Le procédé prit quelques mois, mais Clarity finit par retrouver des mains. Il lui fallu encore plusieurs mois pour qu’elle s’y habitue, qu’elle retrouve sa mobilité, et elle fut enfin prête à payer sa dette.

Mais c’est là que le drame reprit. Peu importe l’effort qu’elle fournissait, elle n’arrivait pas à jouer du piano comme elle le faisait avant. Au mieux, elle fournissait des morceaux de qualité moyenne. Une torture pour ses oreilles habituées aux sons fantastiques qu’elle pouvait tirer de l’instrument. Dépitée, elle proposa de bosser pour le prothésiste jusqu’à ce que ça comble sa dette.
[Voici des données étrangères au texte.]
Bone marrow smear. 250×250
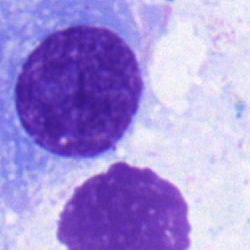Morphology — plasma cell.
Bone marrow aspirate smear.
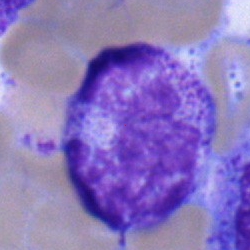Cell type — band neutrophil.
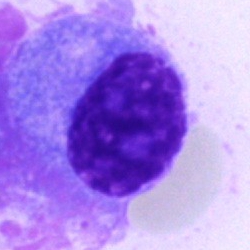
Specimen: bone marrow aspirate smear.
Classification: plasmacyte.
Lineage: lymphoid.
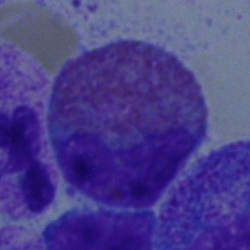

Bone marrow smear showing an eosinophilic granulocyte.
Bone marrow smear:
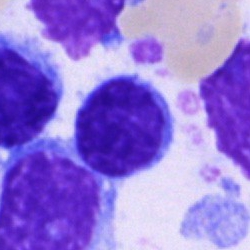Showing a typical lymphocyte.
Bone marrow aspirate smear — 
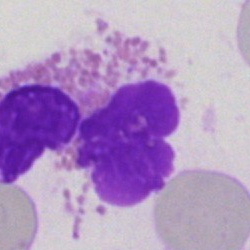 Artefact.
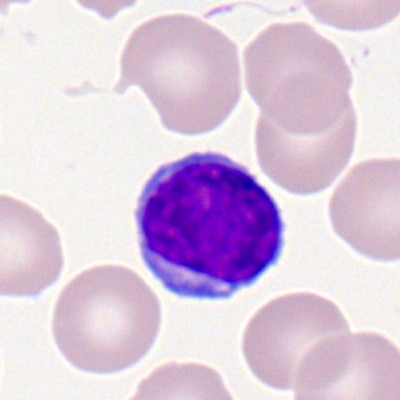A lymphocyte on a peripheral blood smear.
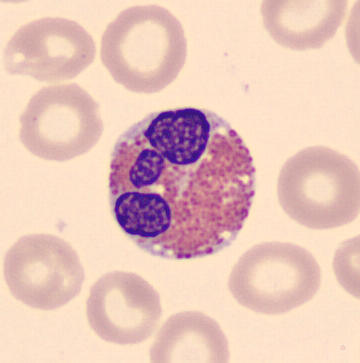

The cell is eosinophil. Image: Peripheral blood smear. Single-cell field.
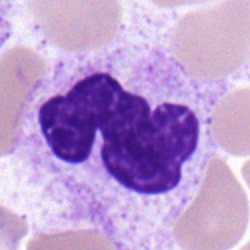Morphology consistent with a polymorphonuclear neutrophil.
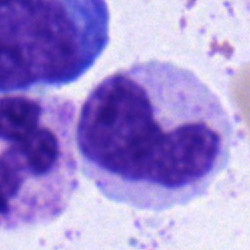
Specimen: bone marrow smear.
Cell: band-form neutrophil.
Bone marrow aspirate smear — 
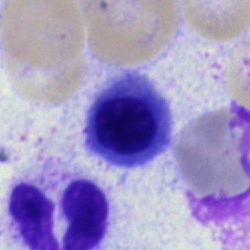 Specimen: bone marrow aspirate smear.
Morphological class: erythroblast.
Lineage: erythroid.
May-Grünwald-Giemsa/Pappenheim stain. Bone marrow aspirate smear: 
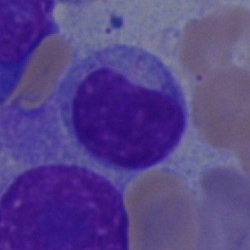{"cell_type": "typical lymphocyte"}
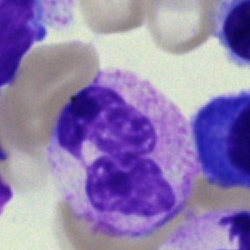

Cell type: polymorphonuclear neutrophil.
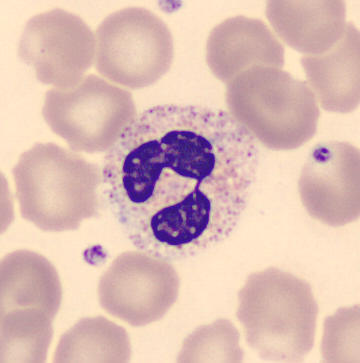Peripheral blood film, single cell — segmented neutrophil.
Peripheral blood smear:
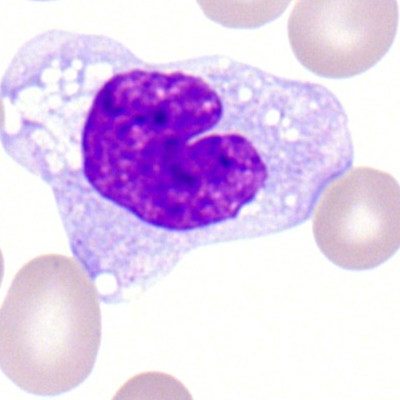
Morphology — monocyte.
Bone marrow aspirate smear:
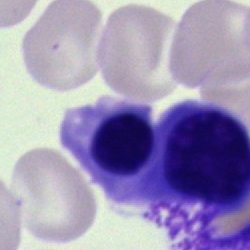
Q: What type of cell is this?
A: This is an erythroblast.
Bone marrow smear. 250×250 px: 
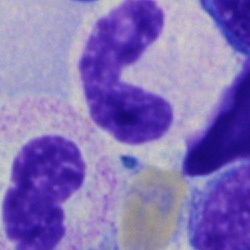 Classification: neutrophil (band).
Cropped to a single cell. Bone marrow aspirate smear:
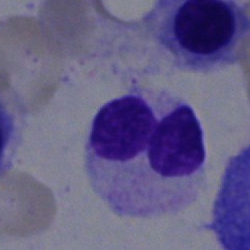{"cell_type": "neutrophil (segmented)", "lineage": "myeloid"}
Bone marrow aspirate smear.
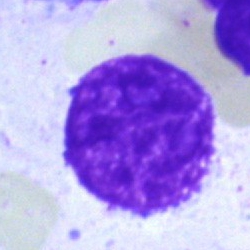Morphology consistent with an artefact.
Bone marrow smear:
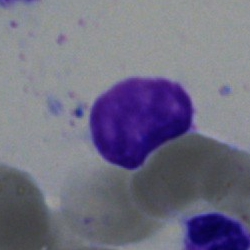
{"cell_type": "artifact"}
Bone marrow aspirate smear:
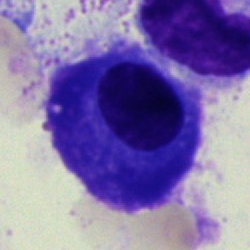

Morphology — plasma cell.
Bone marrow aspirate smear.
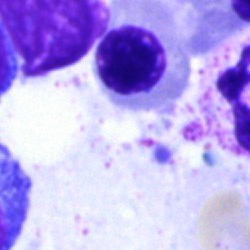
Nucleated red blood cell.
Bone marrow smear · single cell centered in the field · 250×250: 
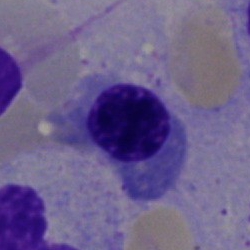 Q: What is the morphological classification of this cell?
A: It is a nucleated red cell.
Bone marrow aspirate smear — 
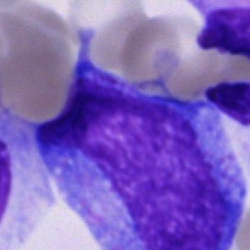

Classification: promyelocyte.
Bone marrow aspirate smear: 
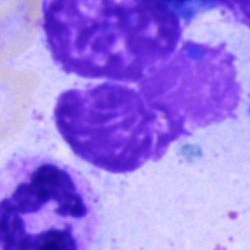The classification is artefact.
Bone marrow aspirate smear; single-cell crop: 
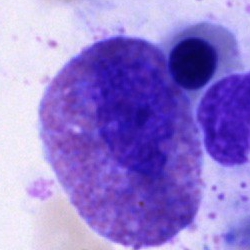 Q: Identify the cell.
A: It is an eosinophil.
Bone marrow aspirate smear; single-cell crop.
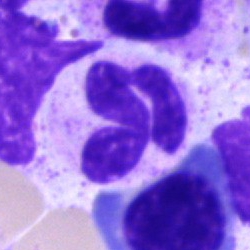Q: What type of cell is this?
A: It is a segmented neutrophil.
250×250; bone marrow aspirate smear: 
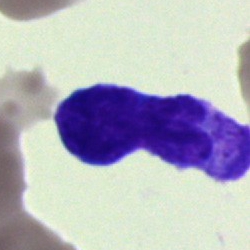 Classification: blast cell.
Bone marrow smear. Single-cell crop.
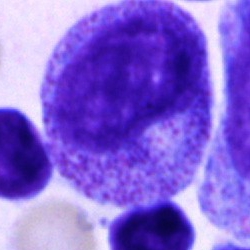Specimen: bone marrow aspirate smear.
Classification: promyelocyte.
Lineage: myeloid.
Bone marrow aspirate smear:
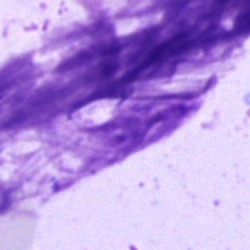 Specimen: bone marrow smear.
Cell: artifact.
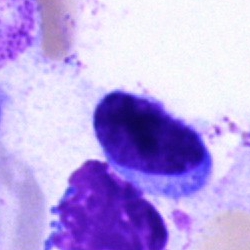Impression — typical lymphocyte.
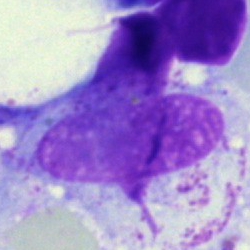 Cell type = artifact.
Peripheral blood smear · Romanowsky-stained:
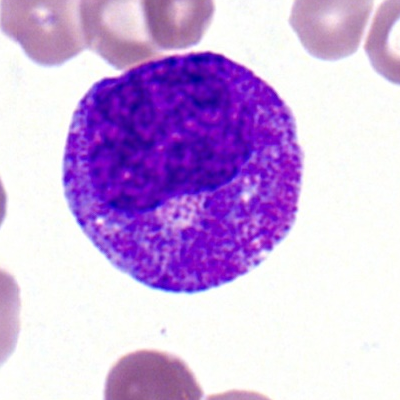
Morphological class = myelocyte.
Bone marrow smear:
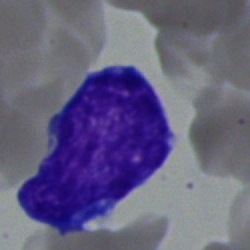

Showing a blast cell.
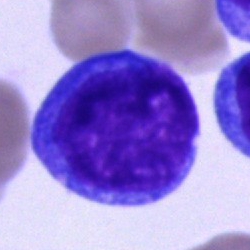 Q: What is shown here?
A: It is an undifferentiated blast.
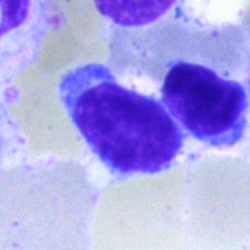 Morphological class: typical lymphocyte.
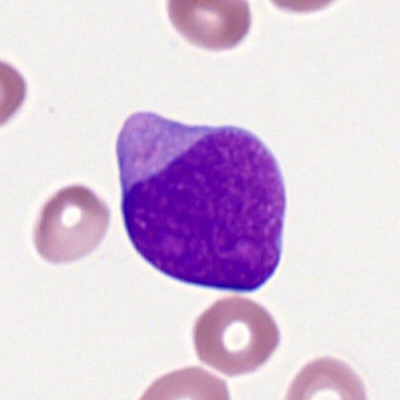

Morphology → myeloid blast.
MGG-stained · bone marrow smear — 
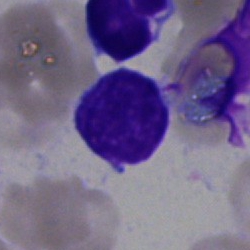

Q: What is the morphological classification of this cell?
A: Lymphocyte.
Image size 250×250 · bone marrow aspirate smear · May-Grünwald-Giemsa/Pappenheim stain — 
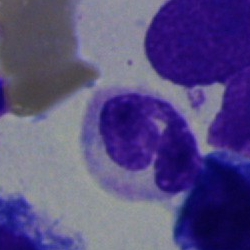Neutrophil (segmented).
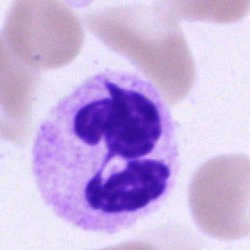

Impression — neutrophil (segmented).
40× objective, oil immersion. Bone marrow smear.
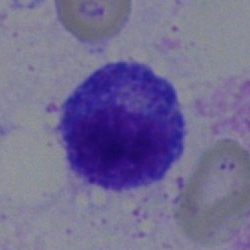
Showing a promyelocyte.
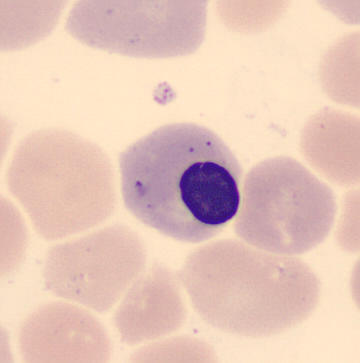 Morphology consistent with an erythroblast.

Peripheral blood smear.
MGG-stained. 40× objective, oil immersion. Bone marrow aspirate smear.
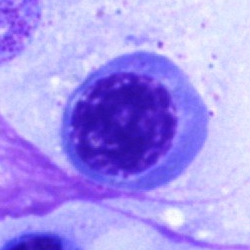 Showing a nucleated red cell.
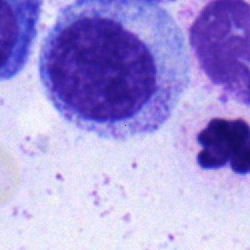Specimen: bone marrow smear.
Classification: myelocyte.
Lineage: myeloid.
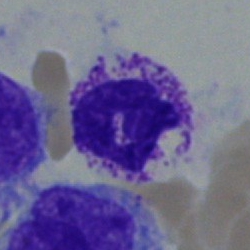This is a segmented neutrophil.
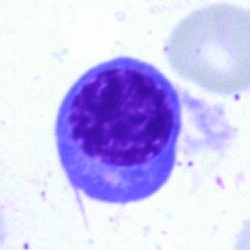 Classification: normoblast.
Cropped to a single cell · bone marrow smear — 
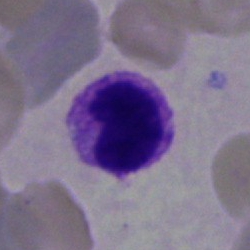Morphology → basophil.
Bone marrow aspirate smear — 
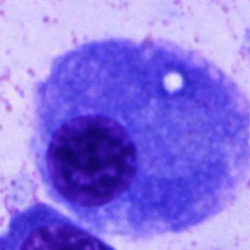 Plasmacyte.
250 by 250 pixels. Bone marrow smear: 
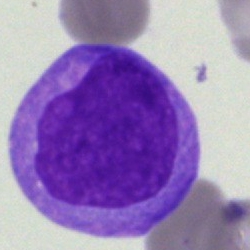
The classification is undifferentiated blast.
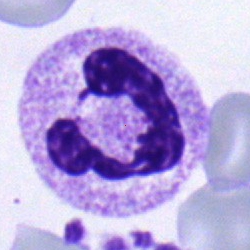 Cell = segmented neutrophil.
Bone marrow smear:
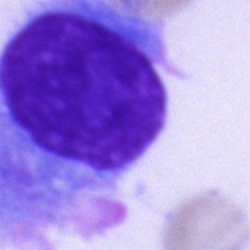
A plasmacyte.
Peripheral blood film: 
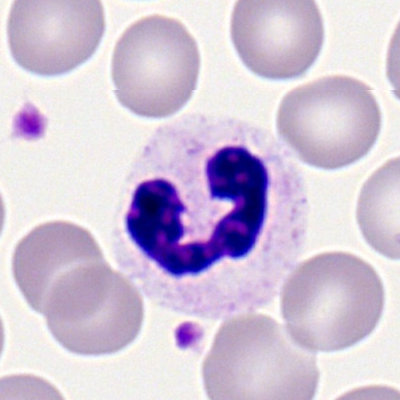 The cell shown is a segmented neutrophil.
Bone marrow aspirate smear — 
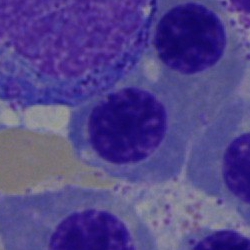
{"cell_type": "erythroblast"}
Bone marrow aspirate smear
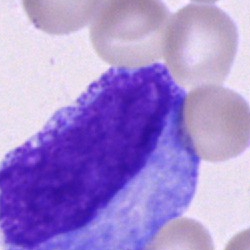

Impression — progranulocyte.
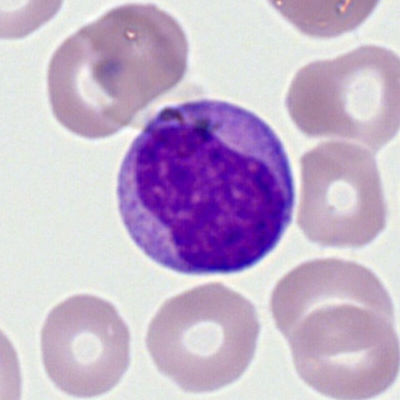
{"cell_type": "myeloblast", "lineage": "myeloid"}
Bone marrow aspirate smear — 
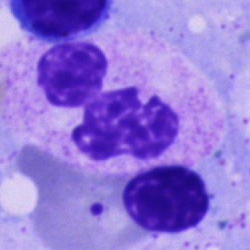 Q: Which cell type is shown here?
A: This is a neutrophil (segmented).
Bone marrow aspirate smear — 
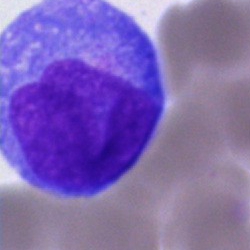Cell type = blast.
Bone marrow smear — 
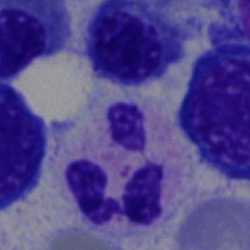

Morphology → segmented neutrophil.
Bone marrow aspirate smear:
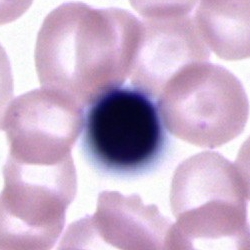 Unidentifiable cell.
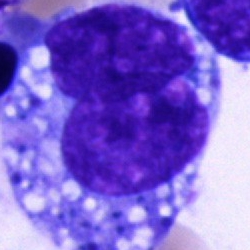

Morphological class — cell of indeterminate lineage.

Et il refusa. Il argua que la douleur de ne plus pouvoir poursuivre sa passion était un châtiment suffisant, et que sa bonne volonté à payer malgré tout lui suffisait. Il lui proposa plutôt de l’aider à quitter le territoire de Tekhos pour se refaire une vie ailleurs.

Elle accepta.

A partir de ce jour, Clarity vadrouillait sur Terra, évitant soigneusement Tekhos et ses représentantes. Elle s’endurcit, et enterra définitivement la jeune femme qu’elle avait été. Parfois, elle accepta des contrats de mercenariat, quand ça n’allait pas contre ses idéaux et ses principes. Le plus souvent, elle préférait rester en solitaire. On ne la reprit plus à être trop confiante, ou trop optimiste. On ne la revit plus tomber amoureuse bêtement. Cependant, elle ne disait pas non pour satisfaire ses bas-instincts. Mais elle refusait de s’attacher.